ZAGABRIA La Commissione europea ha deciso di offrire la propria mediazione ai due eterni litiganti, Croazia e Slovenia, i cui bisticci sul confine nel Golfo di Pirano – e dopo il veto di Lubiana – hanno di fatto bloccato l’avanzamento di Zagabria verso l’Europa comunitaria.
È stato il commissario europeo per l’Allargamento Olli Rehn a fare visita mercoledì alle due capitali, dove ha incontrato le rispettive dirigenze statali per esporre loro il piano di mediazione concordato con il presidente della Commissione europea José Manuel Barroso. Un piano di cui nessuno ha voluto rivelare il benché minimo dettaglio, un atteggiamento spiegato ieri dalla portavoce di Rehn, Krisztina Nagy. «Credo che nella soluzione di questioni politiche delicate, ci siano momenti propizi per la diplomazia alla luce del sole e momenti per la diplomazia riservati.
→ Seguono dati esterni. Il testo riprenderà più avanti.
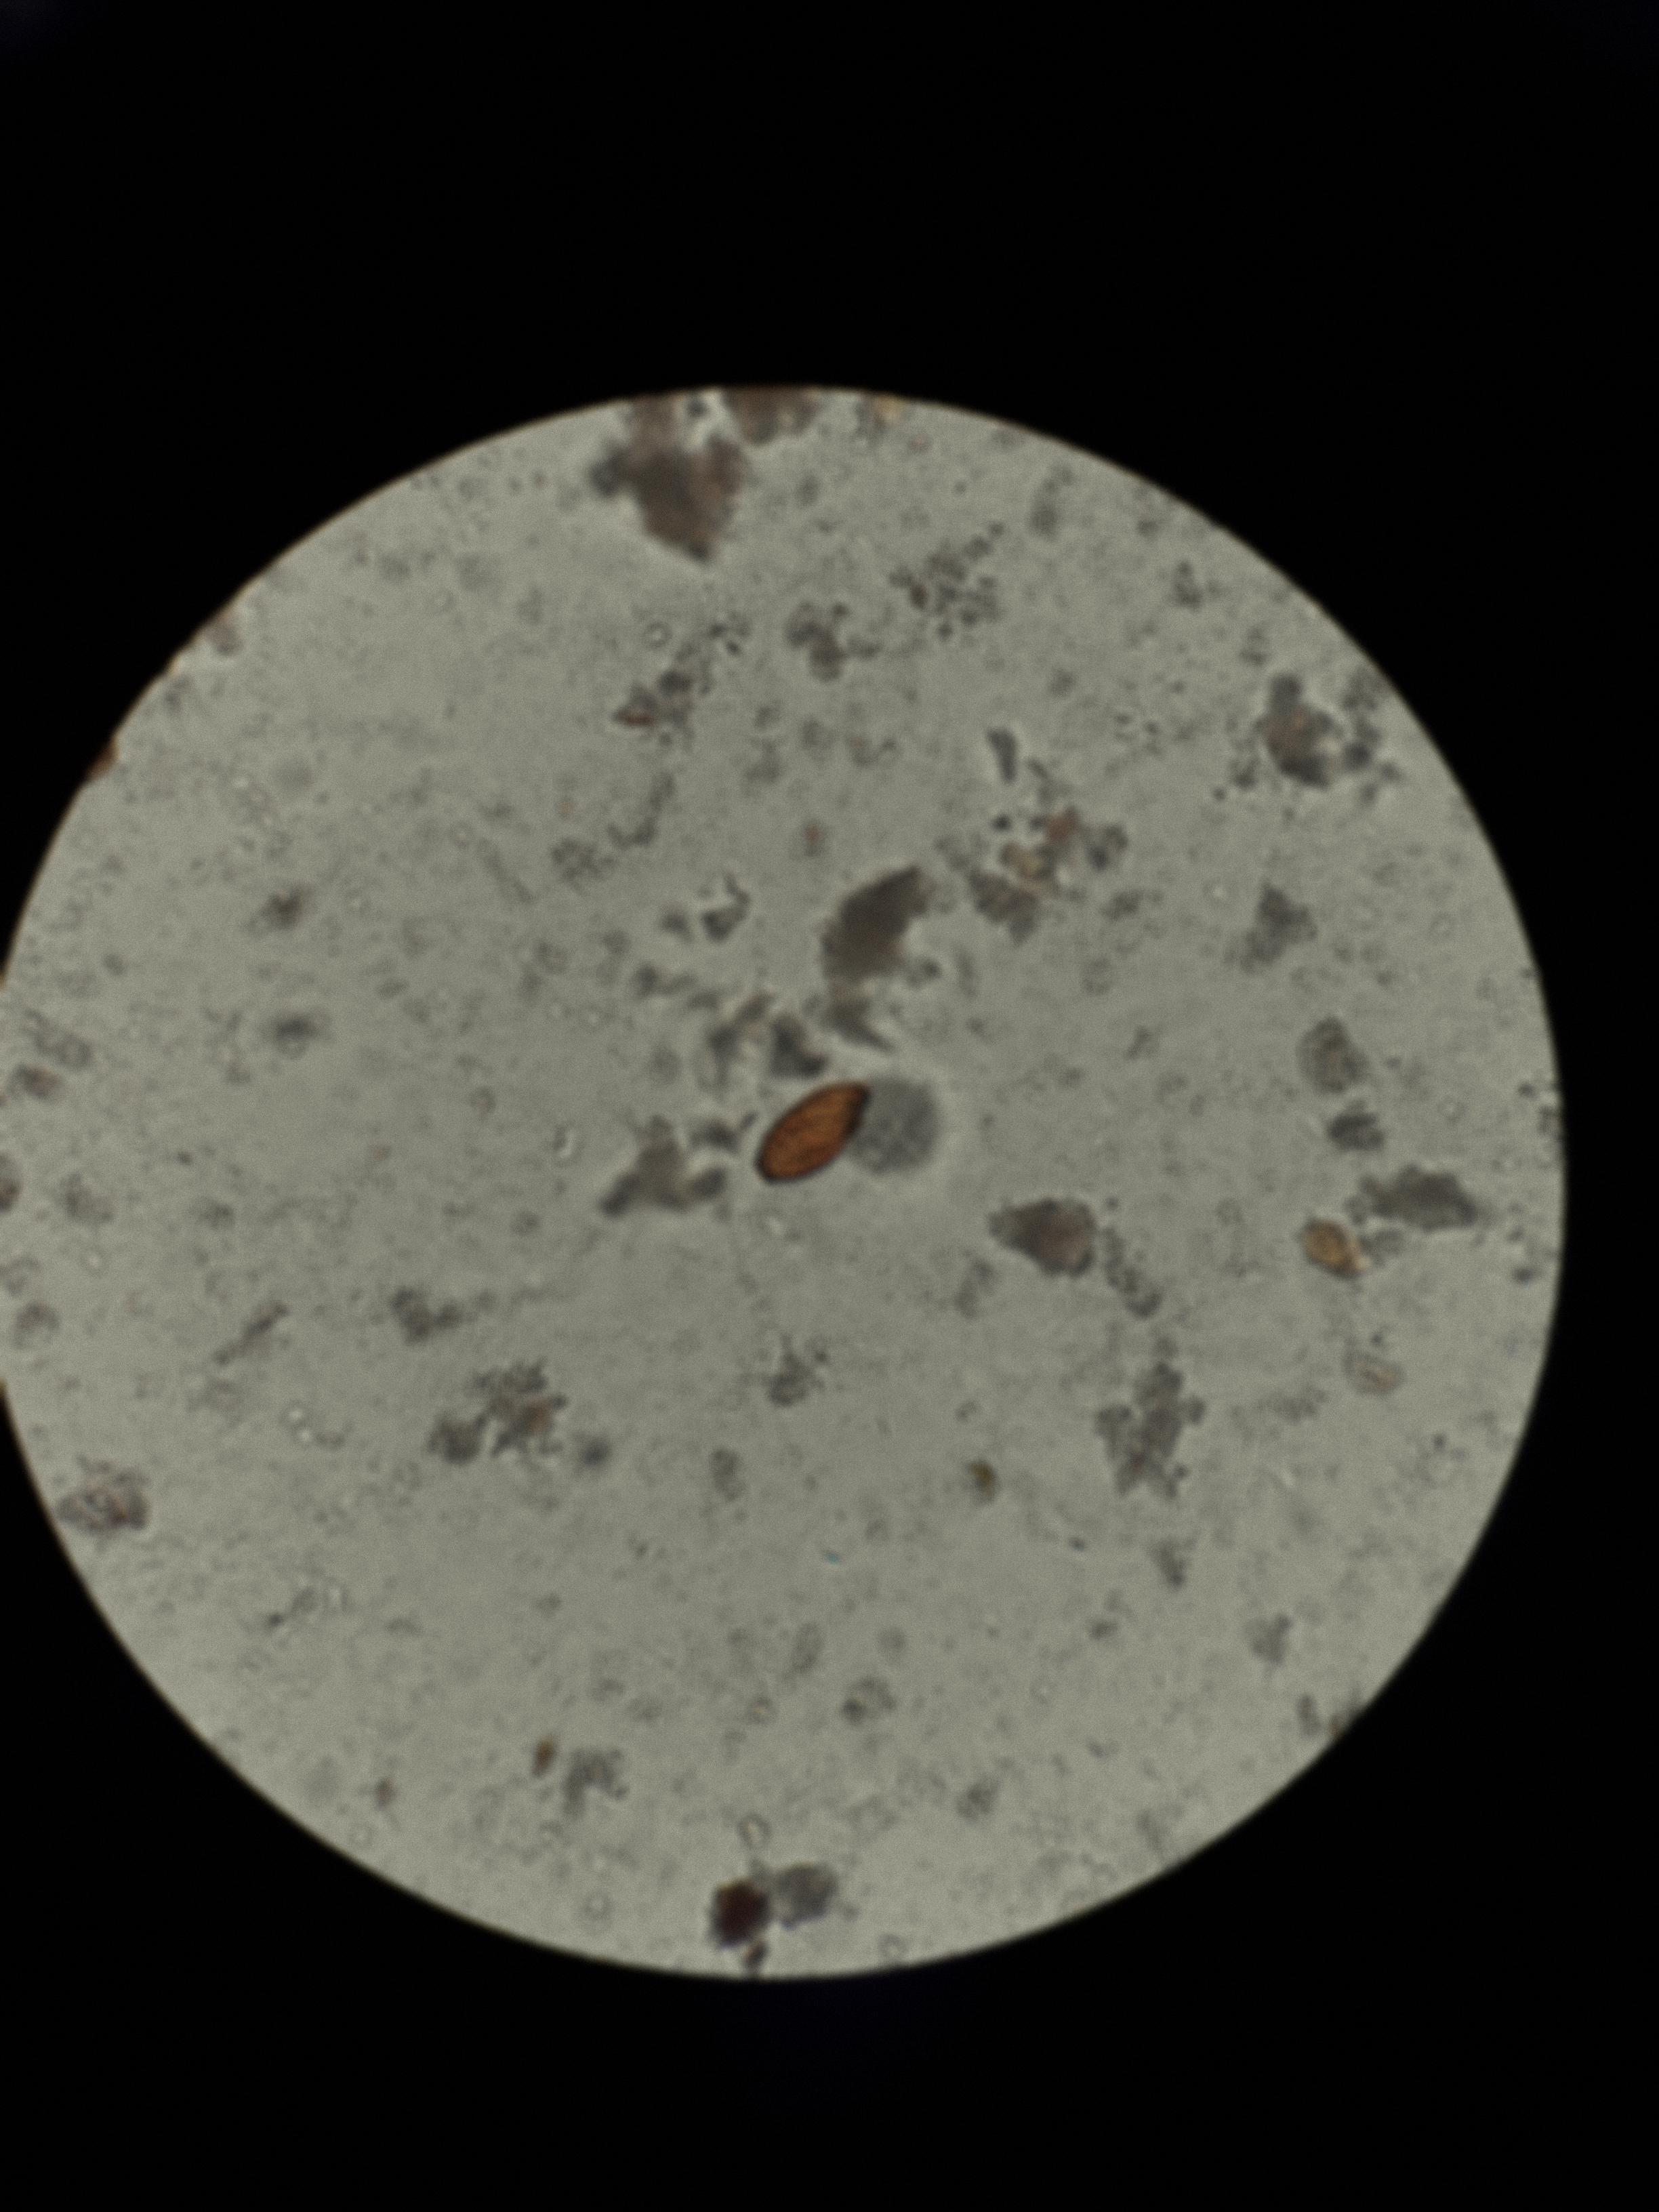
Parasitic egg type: Trichuris trichiura

Siamo in una fase – ha dichiarato – in cui la diplomazia deve lavorare a fari spenti, senza fornire alcuna informazione all’opinione pubblica».
Il finlandese Rehn è stato dapprima a Lubiana, dove ha incontrato il premier sloveno Borut Pahor. Una visita programmata, al termine della quale il primo ministro ha ripetuto che «la Slovenia continua a insistere affinché la Croazia, nelle sue trattative di adesione con l’Unione europea, ritiri quei documenti che potrebbero pregiudicare la fissazione dei confini tra i due Stati». «Documenti – ha aggiunto Pahor – di cui Zagabria non dovrebbe fare uso nemmeno nel caso si facesse ricorso a un arbitrato internazionale sui confini».
Esaurita la tappa lubianese, Rehn ha fatto mercoledì sera un’improvvisata a Zagabria, cogliendo praticamente di sorpresa le massime autorità statali croate. Ha avuto colloqui con il capo dello Stato Stipe Mesic e con il premier Ivo Sanader, dopo di che è ripartito per Bruxelles, per rendere conto a Barroso e alla Commissione europea sugli esiti della missione-blitz. Interpellato dai giornalisti, il presidente della Repubblica ha chiarito una cosa, ossia che Rehn non è giunto nella capitale croata facendo da cassa di risonanza delle posizioni slovene. «Ho detto al mio interlocutore – così Mesic – che le due parti si sono trincerate dietro posizioni che paiono evidentemente inconciliabili. Da parte nostra proponiamo l’unica cosa logica e cioè che Slovenia e Croazia si rivolgano a un’istanza internazionale. Parlo della Corte di Giustizia dell’Aja. È un organismo imparziale, che applica le convenzioni internazionali. La Croazia, questo è certo, si è impegnata ad accettare qualsiasi verdetto, positivo o negativo che sia per noi».
Rispetto a Mesic, il capo del governo ha usato parole che sembrano chiudere la strada a ogni compromesso: «La Croazia non può accettare quanto chiesto da Lubiana, ossia di stracciare i propri documenti probatori, da esibire in caso di arbitrato. Infatti, la Corte internazionale di Giustizia chiederebbe alle due parti di prendere visione di tutti i documenti importanti, al fine di emanare un’equa sentenza. È questo uno dei principi del Diritto internazionale. La richiesta slovena è invece antieuropea. Sia chiaro che la Croazia entrerà nell’Unione europea, senza dovere per questo fare concessioni territoriali ai Paesi vicini».
Se il contenzioso sul confine del golfo piranese sta ostacolando il cammino della Croazia verso l’Europa unita, non così si può dire per la sua adesione alla Nato. La Commissione esteri del Parlamento sloveno ha respinto ieri la proposta del Partito popolare, che intendeva togliere dall’ordine del giorno della prossima sessione parlamentare la ratifica del protocollo di adesione della Croazia all’Alleanza atlantica. Il premier Pahor ha dichiarato che non vi è alcun motivo per non procedere alla ratifica, atto che dovrebbe avvenire la prossima settimana. «Il processo di adesione alla Nato – ha precisato Pahor – è diverso da quello riguardante l’Unione europea e dunque la nostra vertenza sui confini non può in alcun modo influire sulla ratifica del protocollo».
Alcune settimane fa a ratificare il documento era stato il Parlamento italiano.